When my parents informed me that my blood type was A+, I felt a strange
sense of pride. If A+ was the top grade in school, then surely A+ was also the
most excellent of blood types – a biological mark of distinction.
It didn’t take long for me to recognise just how silly that feeling was
and tamp it down. But I didn’t learn much more about what it really meant to
have type A+ blood. By the time I was an adult, all I really knew was that if I
should end up in a hospital in need of blood, the doctors there would need to
make sure they transfused me with a suitable type.
And yet there remained some nagging questions. Why do 40% of Caucasians
have type A blood, while only 27% of Asians do? Where do different blood types
come from, and what do they do? To get some answers, I went to the experts – to
haematologists, geneticists, evolutionary biologists, virologists and nutrition
scientists.
In 1900 the Austrian physician Karl Landsteiner first discovered blood
types, winning the Nobel Prize in Physiology or Medicine for his research in
1930. Since then scientists have developed ever more powerful tools for probing
the biology of blood types. They’ve found some intriguing clues about them –
tracing their deep ancestry, for example, and detecting influences of blood
types on our health. And yet I found that in many ways blood types remain
strangely mysterious. Scientists have yet to come up with a good explanation
for their very existence.
“Isn’t it amazing?” says Ajit Varki, a biologist at the University of
California, San Diego. “Almost a hundred years after the Nobel Prize was
awarded for this discovery, we still don’t know exactly what they’re for.”
Transfusion confusion
My knowledge that I’m type A comes to me thanks to one of the greatest
discoveries in the history of medicine. Because doctors are aware of blood
types, they can save lives by transfusing blood into patients. But for most of
history, the notion of putting blood from one person into another was a
feverish dream.
Renaissance doctors mused about what would happen if they put blood
into the veins of their patients. Some thought that it could be a treatment for
all manner of ailments, even insanity. Finally, in the 1600s, a few doctors
tested out the idea, with disastrous results. A French doctor injected calf’s
blood into a madman, who promptly started to sweat and vomit and produce urine
the colour of chimney soot. After another transfusion the man died.
Such calamities gave transfusions a bad reputation for 150 years. Even
in the 19th Century only a few doctors dared try out the procedure. One of them
was a British physician named James Blundell. Like other physicians of his day,
he watched many of his female patients die from bleeding during childbirth.
After the death of one patient in 1817, he found he couldn’t resign himself to
the way things were.
“I could not forbear considering, that the patient might very probably
have been saved by transfusion,” he later wrote.
Blundell became convinced that the earlier disasters with blood
transfusions had come about thanks to one fundamental error: transfusing “the
blood of the brute”, as he put it. Doctors shouldn’t transfer blood between
species, he concluded, because “the different kinds of blood differ very
importantly from each other”.
Human patients should only get human blood, Blundell decided. But no
one had ever tried to perform such a transfusion. Blundell set about doing so
by designing a system of funnels and syringes and tubes that could channel
blood from a donor to an ailing patient. After testing the apparatus out on
dogs, Blundell was summoned to the bed of a man who was bleeding to death.

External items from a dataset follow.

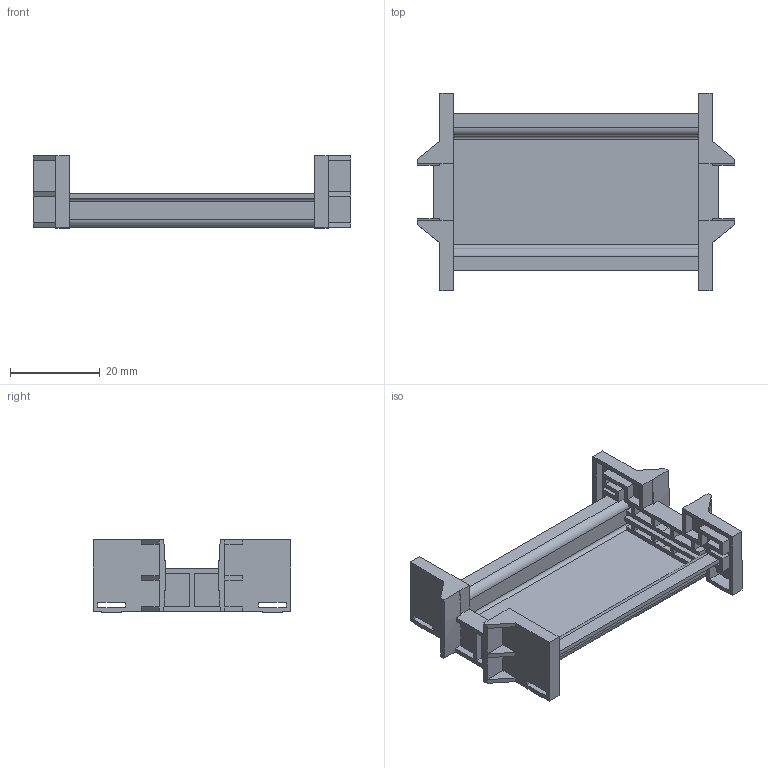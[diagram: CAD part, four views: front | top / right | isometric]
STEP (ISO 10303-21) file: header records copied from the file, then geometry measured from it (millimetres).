
FILE_DESCRIPTION(('CATIA V5 STEP Exchange','CAx-IF Rec.Pracs.--- Model Styling and Organization---1.4--- 2014-01-23'),'2;1');
FILE_NAME ('008247-3_3', '2021-06-15T05:08:43+00:00', ('none'), ('Weidmueller'), 'CATIA Version 5-6 Release 2016 SP3 HF44', 'CATIA V5 STEP AP214', 'none');
FILE_SCHEMA(('AUTOMOTIVE_DESIGN { 1 0 10303 214 1 1 1 1 }'));
Length unit declared in the file: millimetre
Products named in the file (1): 1170690000
Bounding box: 70.7 x 44 x 16.19 mm (x, y, z)
Volume: 5550 mm3; surface area: 11447.4 mm2
Topology: 3 solids, 3 shells, 338 faces, 934 edges, 616 vertices
Faces by surface type: plane 314, cylinder 24
Entity records: 10086 total; most frequent: ORIENTED_EDGE 1868, CARTESIAN_POINT 1725, DIRECTION 1282, EDGE_CURVE 934, VECTOR 870, LINE 870, VERTEX_POINT 616, EDGE_LOOP 360

“Transfusion alone could give him a chance of life,” he wrote.
Several donors provided Blundell with 14oz (0.4kg) of blood, which he
injected into the man’s arm. After the procedure the patient told Blundell that
he felt better – “less fainty” – but two days later he died.
Still, the experience convinced Blundell that blood transfusion would
be a huge benefit to mankind, and he continued to pour blood into desperate
patients in the following years. All told, he performed 10 blood transfusions.
Only four patients survived.
While some other doctors experimented with blood transfusion as well,
their success rates were also dismal. Various approaches were tried, including
attempts in the 1870s to use milk in transfusions (which were, unsurprisingly,
fruitless and dangerous).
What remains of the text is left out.